* [Exercise prompt]: Leaving out every picture, output the records below exactly as they are.

(Data extracted from a collection)
== Segment start ==

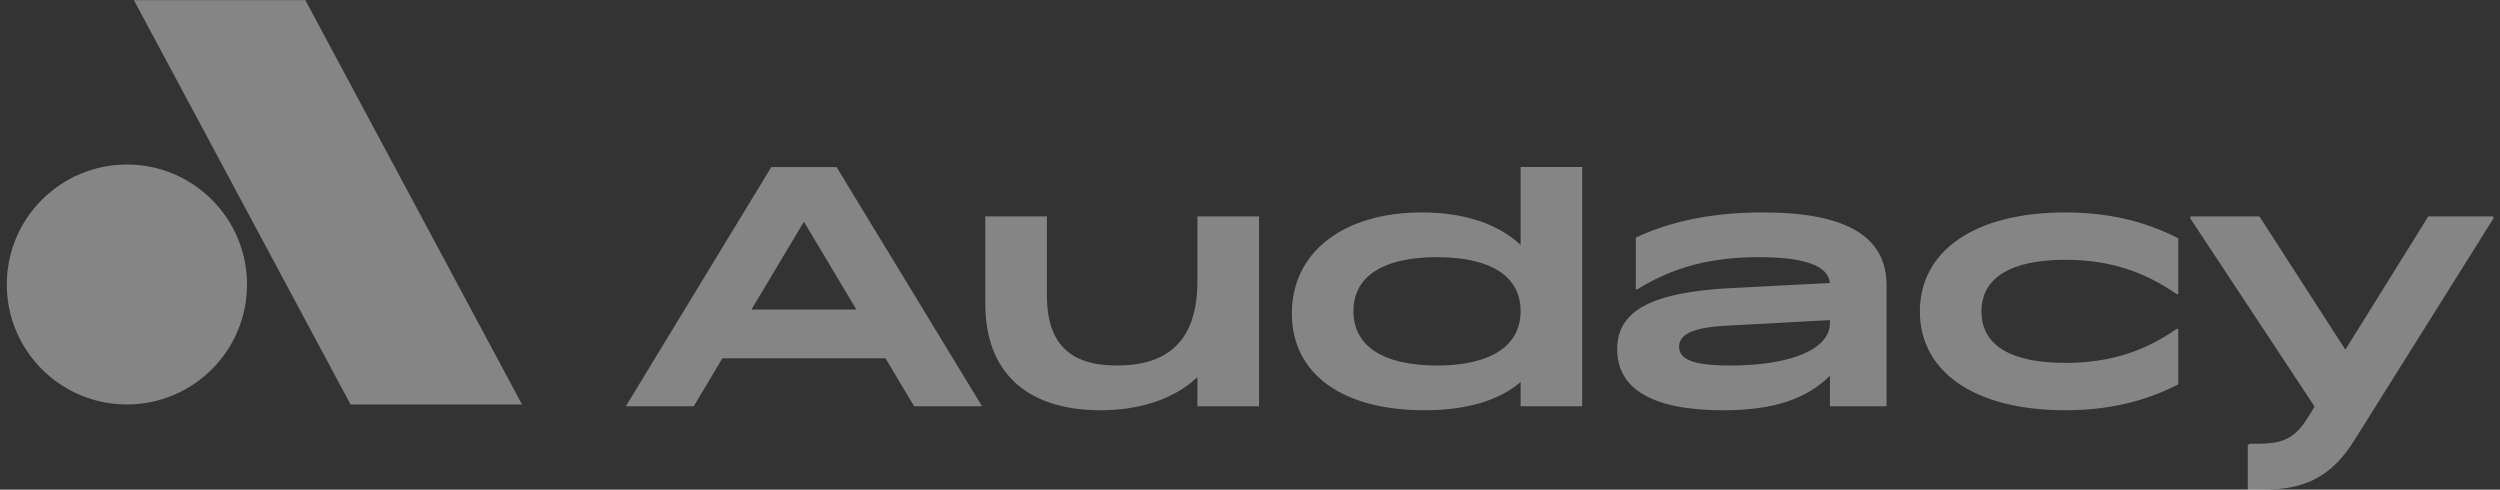 <svg width="194" height="38" viewBox="0 0 194 38" fill="none" xmlns="http://www.w3.org/2000/svg">
<rect x="0" y="0" width="194" height="38" fill="#333333" stroke="none"/>
<g clip-path="url(#clip0_647_3542)">
<path d="M97.7 16.793V31.527H92.919V29.264C91.163 30.936 88.501 31.836 85.4 31.836C79.664 31.836 76.46 28.878 76.46 23.581V16.793H81.24V22.913C81.24 26.616 82.971 28.364 86.667 28.364C90.593 28.364 92.919 26.486 92.919 21.808V16.793L97.7 16.793ZM122.778 12.962V31.526H117.999V29.649C116.345 31.064 113.838 31.835 110.531 31.835C104.226 31.835 100.248 29.058 100.248 24.326C100.248 19.543 104.278 16.484 110.35 16.484C113.632 16.484 116.268 17.383 117.999 19.004V12.96H122.779L122.778 12.962ZM117.999 24.148C117.999 21.447 115.699 19.956 111.512 19.956C107.327 19.956 105.027 21.447 105.027 24.148C105.027 26.847 107.327 28.364 111.512 28.364C115.673 28.364 117.999 26.847 117.999 24.148ZM146.396 22.141V31.527H142.004V29.162C140.144 30.987 137.611 31.836 133.709 31.836C128.283 31.836 125.493 30.215 125.493 27.104C125.493 24.096 128.179 22.656 134.484 22.347L142.004 21.962C141.875 20.624 140.04 19.956 136.501 19.956C132.754 19.956 129.833 20.726 127.016 22.475L126.939 22.424V18.438C129.833 17.076 133.141 16.484 136.81 16.484C143.244 16.484 146.396 18.336 146.396 22.141ZM142.004 25.073V24.841L133.865 25.279C131.461 25.407 130.298 25.922 130.298 26.899C130.298 27.901 131.41 28.364 134.253 28.364C139.032 28.364 142.004 27.079 142.004 25.073ZM160.273 16.485C163.53 16.485 166.372 17.127 169.034 18.49V22.81L168.93 22.836C166.475 21.138 163.814 20.161 160.274 20.161C156.036 20.161 153.762 21.55 153.762 24.172C153.762 26.796 156.035 28.159 160.274 28.159C163.814 28.159 166.501 27.207 168.93 25.51L169.034 25.536V29.829C166.372 31.192 163.529 31.835 160.273 31.835C153.193 31.835 148.982 28.826 148.982 24.172C148.982 19.493 153.193 16.485 160.273 16.485ZM193.525 16.896L182.724 34.126C180.993 36.902 179.003 38.008 175.514 38.008H174.429V34.538L174.584 34.435H175.101C177.453 34.435 178.202 33.894 179.313 32.044L179.623 31.529H179.598L169.933 16.897L170.012 16.795H175.333L182.001 27.133L188.434 16.795H193.448L193.526 16.897L193.525 16.896ZM70.938 31.528H76.209L64.919 12.963H59.853L48.562 31.528H53.833L56.059 27.8H68.713L70.938 31.528ZM58.314 24.019L62.385 17.204L66.454 24.019H58.314ZM19.169 22.076C19.169 27.218 14.996 31.387 9.848 31.387C4.702 31.387 0.528 27.218 0.528 22.076C0.528 16.935 4.701 12.767 9.848 12.767C14.996 12.767 19.169 16.935 19.169 22.076ZM23.692 0.008H10.388L27.203 31.387H40.509L23.692 0.008Z" fill="white" fill-opacity="0.4"/>
</g>
<defs>
<clipPath id="clip0_647_3542">
<rect width="193" height="38" fill="white" transform="translate(0.54)"/>
</clipPath>
</defs>
</svg>
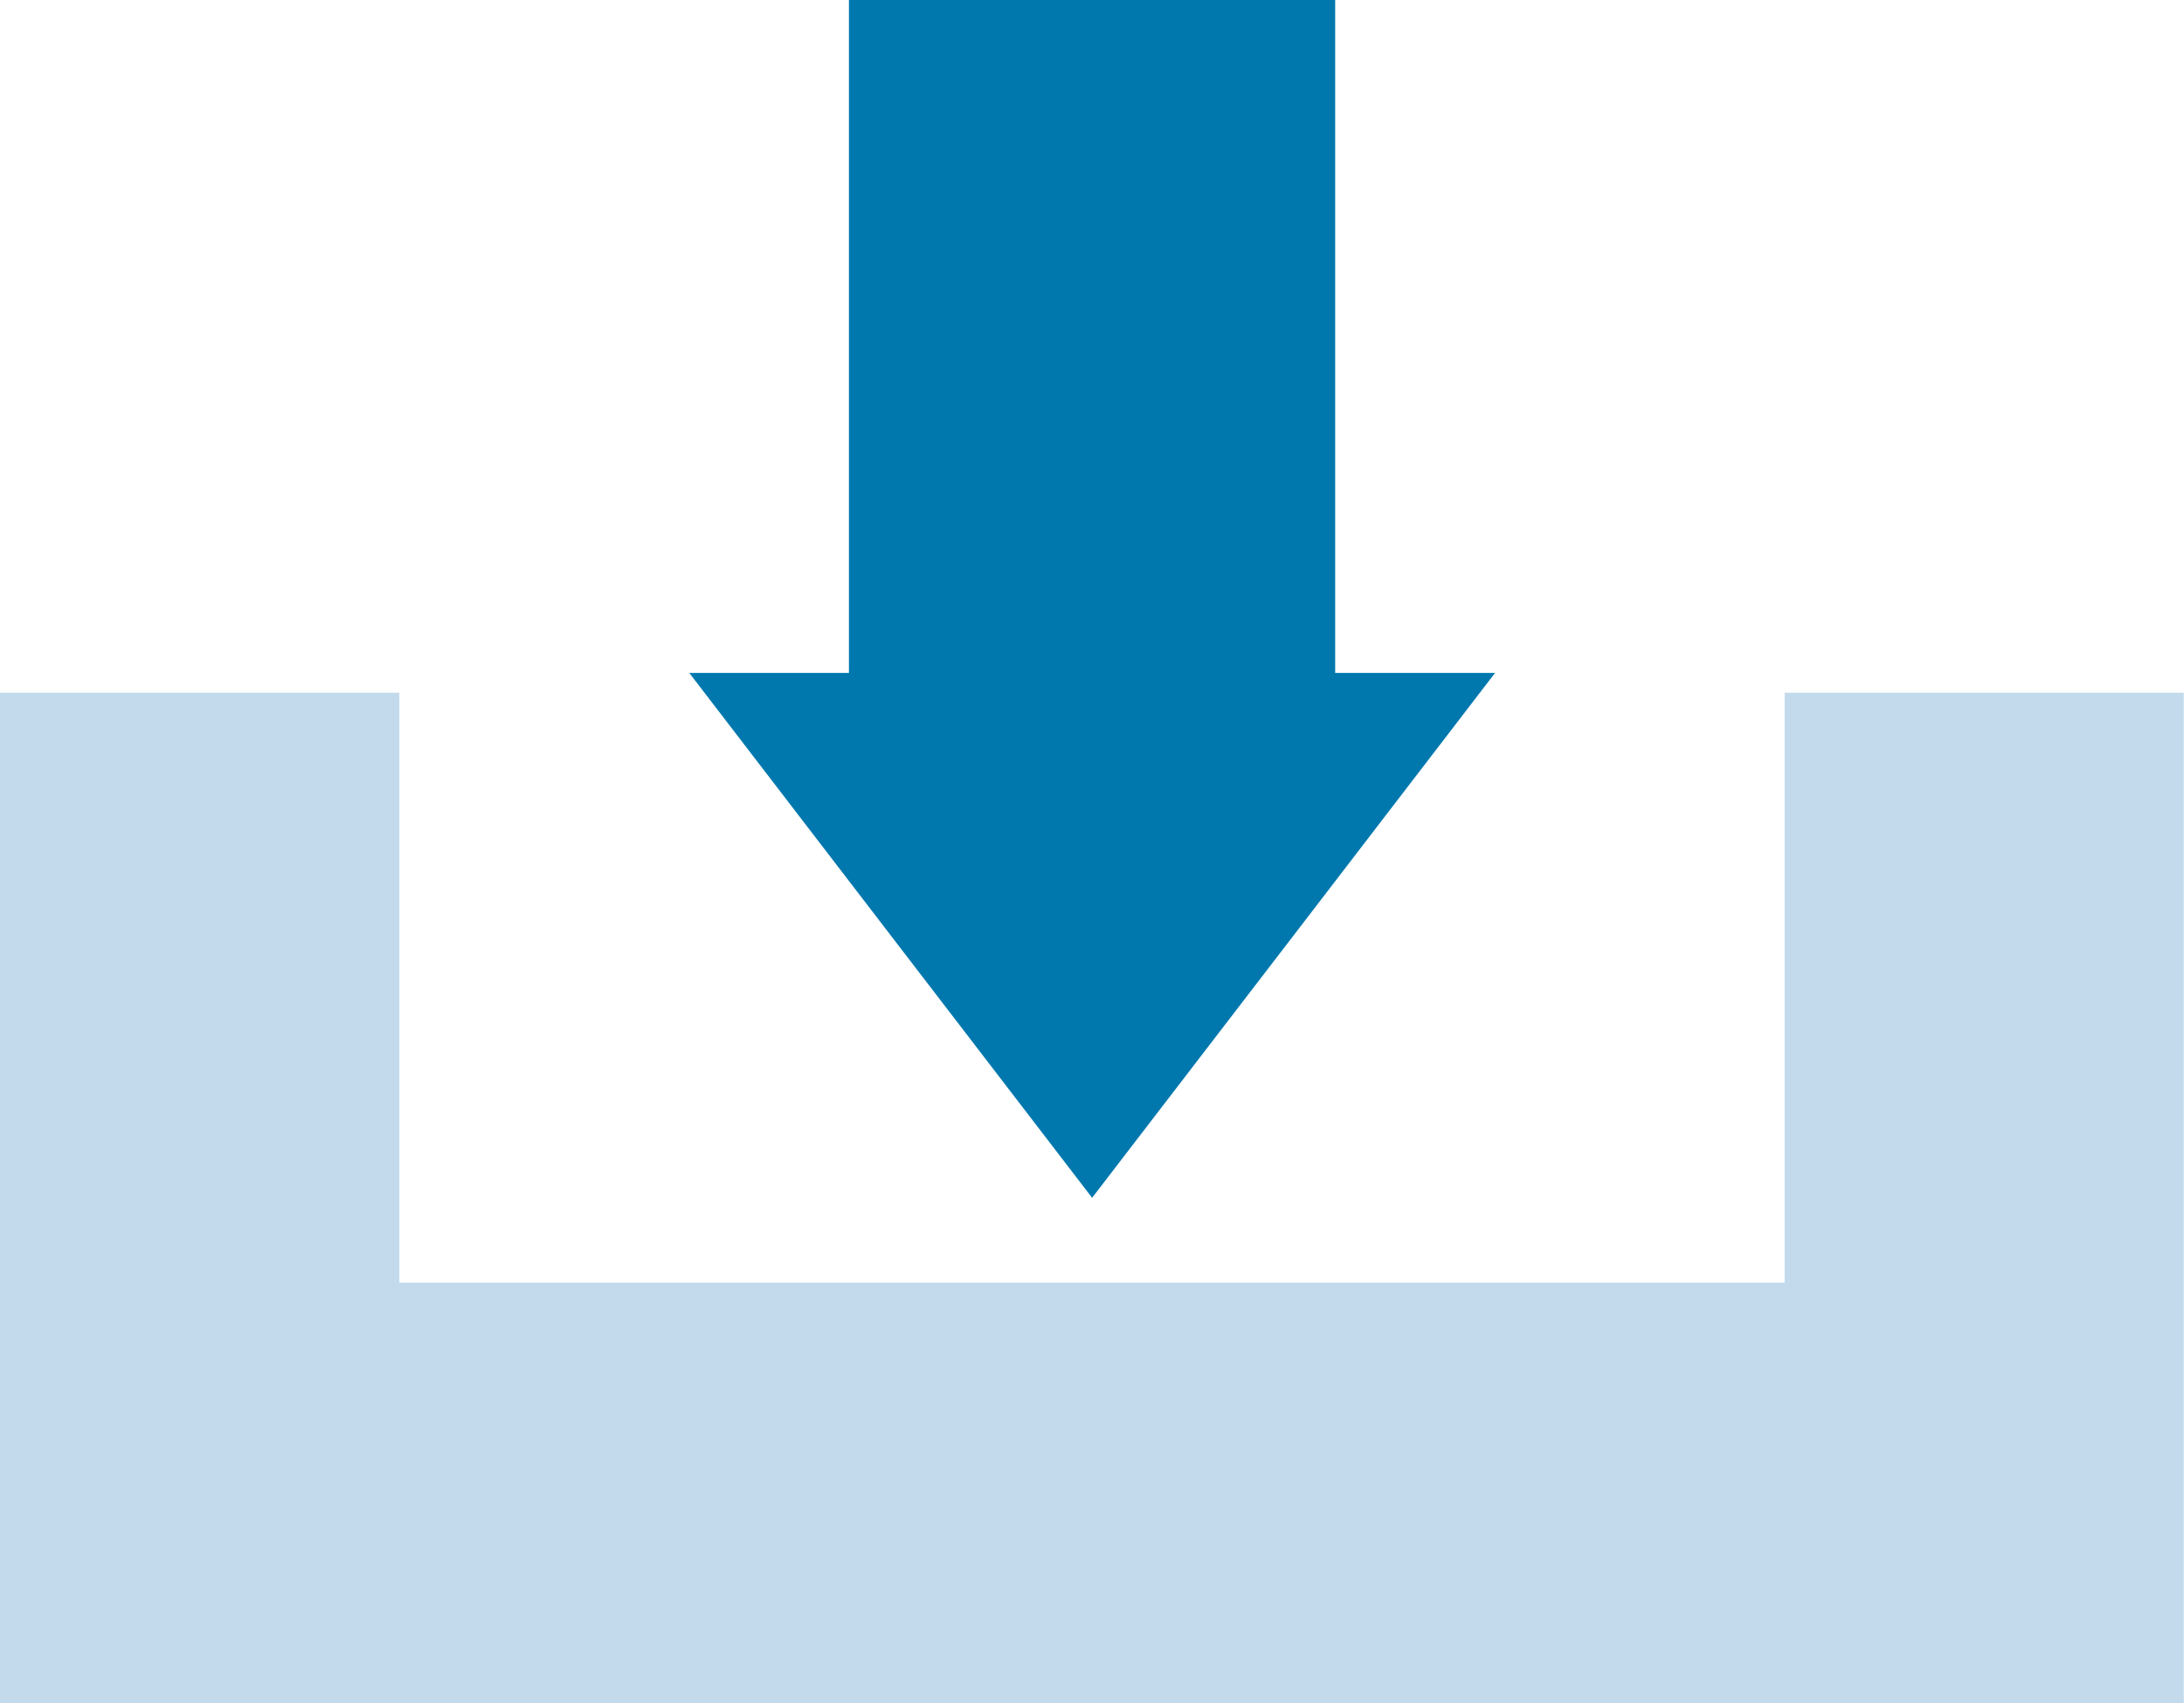<svg xmlns="http://www.w3.org/2000/svg" width="19.202" height="14.971" viewBox="0 0 19.202 14.971">
  <g id="Group_19370" data-name="Group 19370" transform="translate(-675.772 -416.379)">
    <g id="Group_19369" data-name="Group 19369" transform="translate(681.831 416.379)">
      <rect id="Rectangle_1930" data-name="Rectangle 1930" width="4.275" height="7.147" transform="translate(1.405 0)" fill="#0078ae"/>
      <path id="Path_7990" data-name="Path 7990" d="M707.535,464.771l-1.771-2.307-1.771-2.307h7.085l-1.771,2.307Z" transform="translate(-703.992 -454.242)" fill="#0078ae"/>
    </g>
    <path id="Path_7991" data-name="Path 7991" d="M691.463,471.529v5.186H679.283v-5.186h-3.511v8.882h19.2v-8.882Z" transform="translate(0 -49.061)" fill="#c2daec"/>
  </g>
</svg>

== Segment end ==

* [Solution to this exercise]:
 <svg width="194" height="38" viewBox="0 0 194 38" fill="none" xmlns="http://www.w3.org/2000/svg">
<rect x="0" y="0" width="194" height="38" fill="#333333" stroke="none"/>
<g clip-path="url(#clip0_647_3542)">
<path d="M97.7 16.793V31.527H92.919V29.264C91.163 30.936 88.501 31.836 85.4 31.836C79.664 31.836 76.46 28.878 76.46 23.581V16.793H81.24V22.913C81.24 26.616 82.971 28.364 86.667 28.364C90.593 28.364 92.919 26.486 92.919 21.808V16.793L97.7 16.793ZM122.778 12.962V31.526H117.999V29.649C116.345 31.064 113.838 31.835 110.531 31.835C104.226 31.835 100.248 29.058 100.248 24.326C100.248 19.543 104.278 16.484 110.35 16.484C113.632 16.484 116.268 17.383 117.999 19.004V12.96H122.779L122.778 12.962ZM117.999 24.148C117.999 21.447 115.699 19.956 111.512 19.956C107.327 19.956 105.027 21.447 105.027 24.148C105.027 26.847 107.327 28.364 111.512 28.364C115.673 28.364 117.999 26.847 117.999 24.148ZM146.396 22.141V31.527H142.004V29.162C140.144 30.987 137.611 31.836 133.709 31.836C128.283 31.836 125.493 30.215 125.493 27.104C125.493 24.096 128.179 22.656 134.484 22.347L142.004 21.962C141.875 20.624 140.04 19.956 136.501 19.956C132.754 19.956 129.833 20.726 127.016 22.475L126.939 22.424V18.438C129.833 17.076 133.141 16.484 136.81 16.484C143.244 16.484 146.396 18.336 146.396 22.141ZM142.004 25.073V24.841L133.865 25.279C131.461 25.407 130.298 25.922 130.298 26.899C130.298 27.901 131.41 28.364 134.253 28.364C139.032 28.364 142.004 27.079 142.004 25.073ZM160.273 16.485C163.53 16.485 166.372 17.127 169.034 18.49V22.81L168.93 22.836C166.475 21.138 163.814 20.161 160.274 20.161C156.036 20.161 153.762 21.55 153.762 24.172C153.762 26.796 156.035 28.159 160.274 28.159C163.814 28.159 166.501 27.207 168.93 25.51L169.034 25.536V29.829C166.372 31.192 163.529 31.835 160.273 31.835C153.193 31.835 148.982 28.826 148.982 24.172C148.982 19.493 153.193 16.485 160.273 16.485ZM193.525 16.896L182.724 34.126C180.993 36.902 179.003 38.008 175.514 38.008H174.429V34.538L174.584 34.435H175.101C177.453 34.435 178.202 33.894 179.313 32.044L179.623 31.529H179.598L169.933 16.897L170.012 16.795H175.333L182.001 27.133L188.434 16.795H193.448L193.526 16.897L193.525 16.896ZM70.938 31.528H76.209L64.919 12.963H59.853L48.562 31.528H53.833L56.059 27.8H68.713L70.938 31.528ZM58.314 24.019L62.385 17.204L66.454 24.019H58.314ZM19.169 22.076C19.169 27.218 14.996 31.387 9.848 31.387C4.702 31.387 0.528 27.218 0.528 22.076C0.528 16.935 4.701 12.767 9.848 12.767C14.996 12.767 19.169 16.935 19.169 22.076ZM23.692 0.008H10.388L27.203 31.387H40.509L23.692 0.008Z" fill="white" fill-opacity="0.4"/>
</g>
<defs>
<clipPath id="clip0_647_3542">
<rect width="193" height="38" fill="white" transform="translate(0.54)"/>
</clipPath>
</defs>
</svg>
<svg xmlns="http://www.w3.org/2000/svg" width="19.202" height="14.971" viewBox="0 0 19.202 14.971">
  <g id="Group_19370" data-name="Group 19370" transform="translate(-675.772 -416.379)">
    <g id="Group_19369" data-name="Group 19369" transform="translate(681.831 416.379)">
      <rect id="Rectangle_1930" data-name="Rectangle 1930" width="4.275" height="7.147" transform="translate(1.405 0)" fill="#0078ae"/>
      <path id="Path_7990" data-name="Path 7990" d="M707.535,464.771l-1.771-2.307-1.771-2.307h7.085l-1.771,2.307Z" transform="translate(-703.992 -454.242)" fill="#0078ae"/>
    </g>
    <path id="Path_7991" data-name="Path 7991" d="M691.463,471.529v5.186H679.283v-5.186h-3.511v8.882h19.2v-8.882Z" transform="translate(0 -49.061)" fill="#c2daec"/>
  </g>
</svg>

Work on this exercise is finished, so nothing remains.